With wealth growing rapidly in Brazil, GIFE foresaw in 2010 that by 2020 a new set of individual and family foundations and institutes could play the role of financing civil society organizations, replacing other forms of investment, such as international aid and philanthropy, which had largely moved to poorer regions of the world in the previous decade. What we had in mind was akin to the beginning of the 20th century in the US, with its emerging philanthropists such as Henry Ford and Will Keith Kellogg.
A mainly risk-averse sector
In the 2010 GIFE Census family organizations made up 3 per cent of the sample; in the 2016 GIFE Census this group had grown to 19 per cent of the 116 respondents. This was spurred by GIFE’s 2020 Vision, but it also reflects a true, quick growth in this kind of philanthropy.

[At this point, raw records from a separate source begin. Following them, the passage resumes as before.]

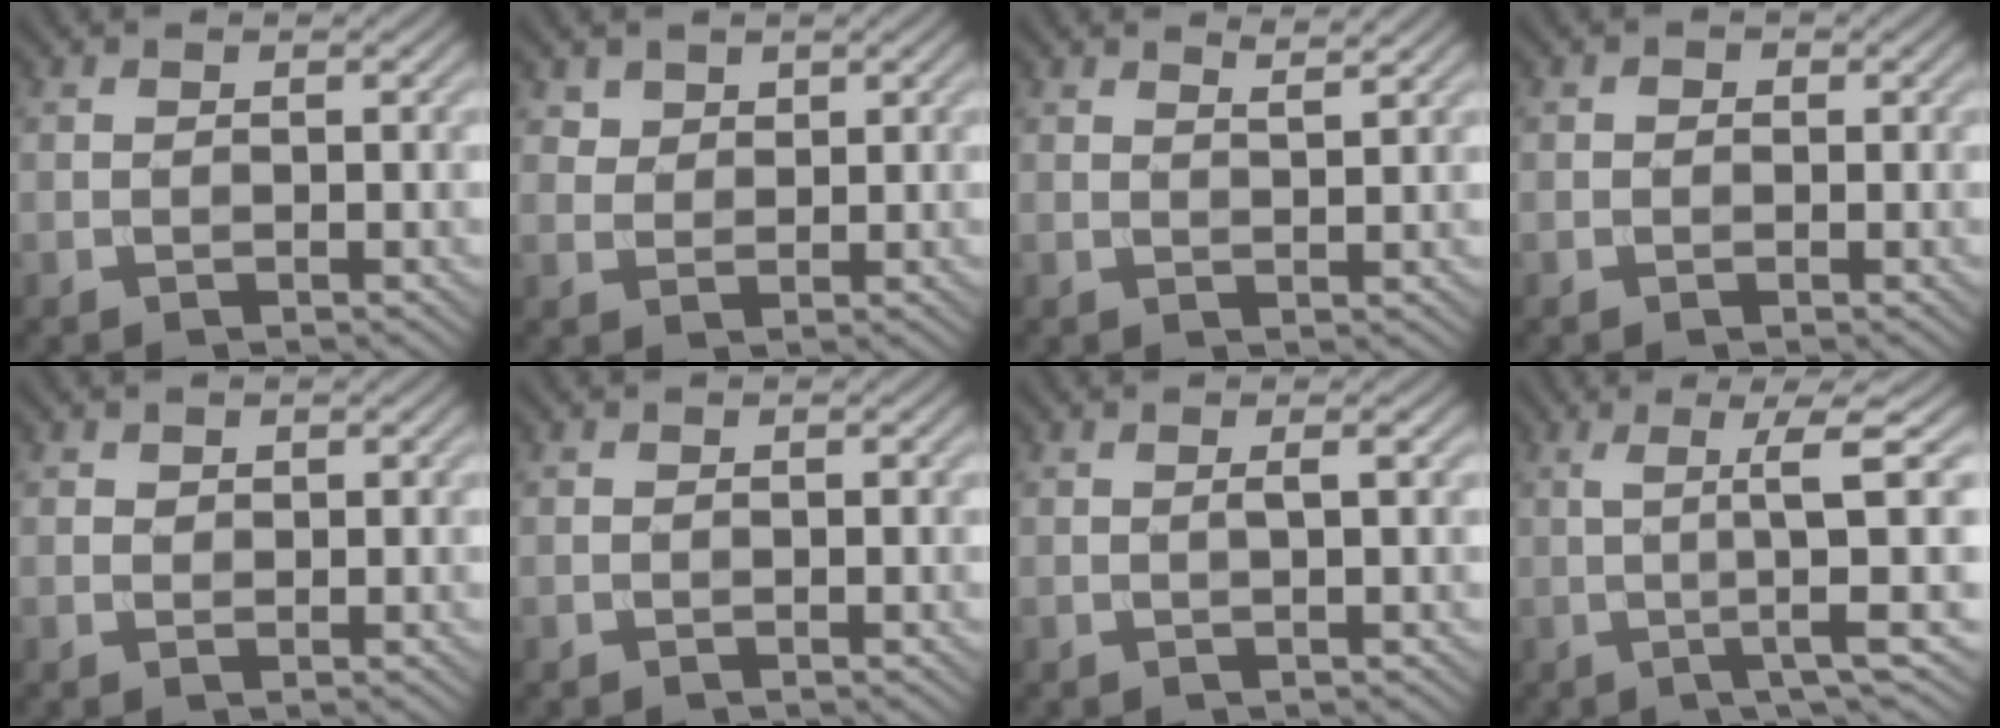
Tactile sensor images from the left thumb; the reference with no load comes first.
{"total": 2.4, "force": [1.7, 1.6, 0.6], "torque": [-0.021, -0.011, 0.041]}
{"total": 2.1, "force": [1.7, 0.2, 1.2], "torque": [-0.022, 0.001, 0.031]}
{"total": 0.7, "force": [0.0, 0.7, 0.2], "torque": [-0.002, -0.004, -0.005]}
{"total": 0.8, "force": [0.6, 0.6, 0.2], "torque": [-0.003, -0.001, 0.011]}
{"total": 0.0}
{"total": 1.4, "force": [0.3, 0.1, 1.4], "torque": [-0.028, 0.008, 0.000]}
{"total": 7.3, "force": [-0.1, 0.2, 7.3], "torque": [-0.133, 0.013, -0.001]}

Nevertheless, these new organizations have tended to act like the more established corporate philanthropy organizations, which mostly operate their own programmes rather than making grants to NGOs. There are great exceptions – and the PSJP report tells some of these stories. But in general the new-born family philanthropy sector in Brazil has not by any means filled the gap left by the international foundations and aid organizations.
For almost two decades now, corporate foundations have been seeking alignment with their business sponsors. Frequently this means channelling resources to areas of interest to the business, such as its supply chain. When well done, this can produce concrete social-environmental impact, for example retailers that are protecting the Amazon by only buying and selling products that do not embed deforestation. But it can also mean less resources for philanthropy itself.

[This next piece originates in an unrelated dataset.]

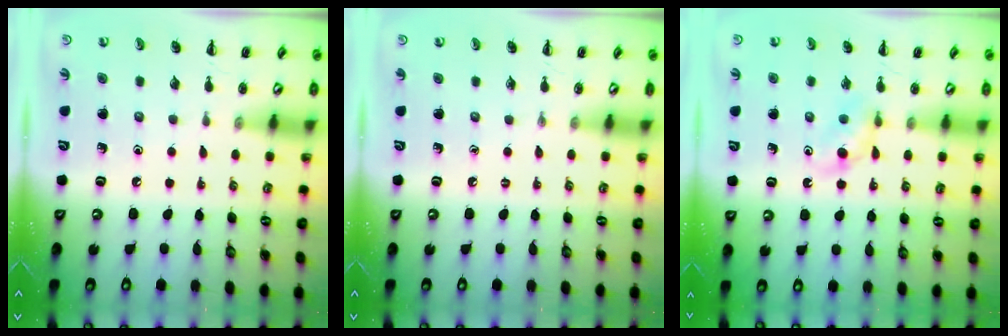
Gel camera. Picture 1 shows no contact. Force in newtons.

Widening the scope of Brazilian philanthropy
The Philanthropy Network for Social Justice organizations, Brazilian co-publishers of the PSJP report, therefore play a crucial role in Brazil. They widen the scope of Brazilian philanthropy by focusing on themes that are mainly avoided by the generally risk-averse corporate and family organizations, such as human rights and racial equity (here too there are really nice exceptions, also presented by the report). These mostly independent funds promote the strengthening of civil society organizations through grantmaking.
As well described by the report, Brazil does not have a well-established and recognized civil society. The political culture has been top down for most of the country’s history. Democracy is quite recent – the last dictatorship ended just over 30 years ago. The words ‘Order and Progress’ on the Brazilian flag are today part of the marketing strategy of the government that took over after the impeachment of the more left-leaning Dilma Rousseff in 2016. ‘Order’ in Brazil means a strong centralized government, controlling the executive, legislative and judiciary – as well as the economy – all at the same time.
Civil society, especially the part of it that advocates for social justice, is frequently accused of moving in the opposite direction. It is more identified with those that have historically been sidelined from the patrimonialist governance of the country. For most of the present government bureaucrats and politicians, dissent is seen as disorder.
Transforming Brazilian philanthropy from operating to grantmaking, from a focus on restricted interests towards a social justice orientation, has implications that go far beyond reaching a new ‘paradigm of giving’ in the country. It means moving tectonic structures of power and concentration of wealth that have been in place since the foundation of Brazil in 1500.
Fernando Rossetti is principal at Reos Partners, an international consultancy on systemic change. He was secretary general of GIFE from 2004 to 2013 and chair of the board of directors of WINGS from 2008 to 2012.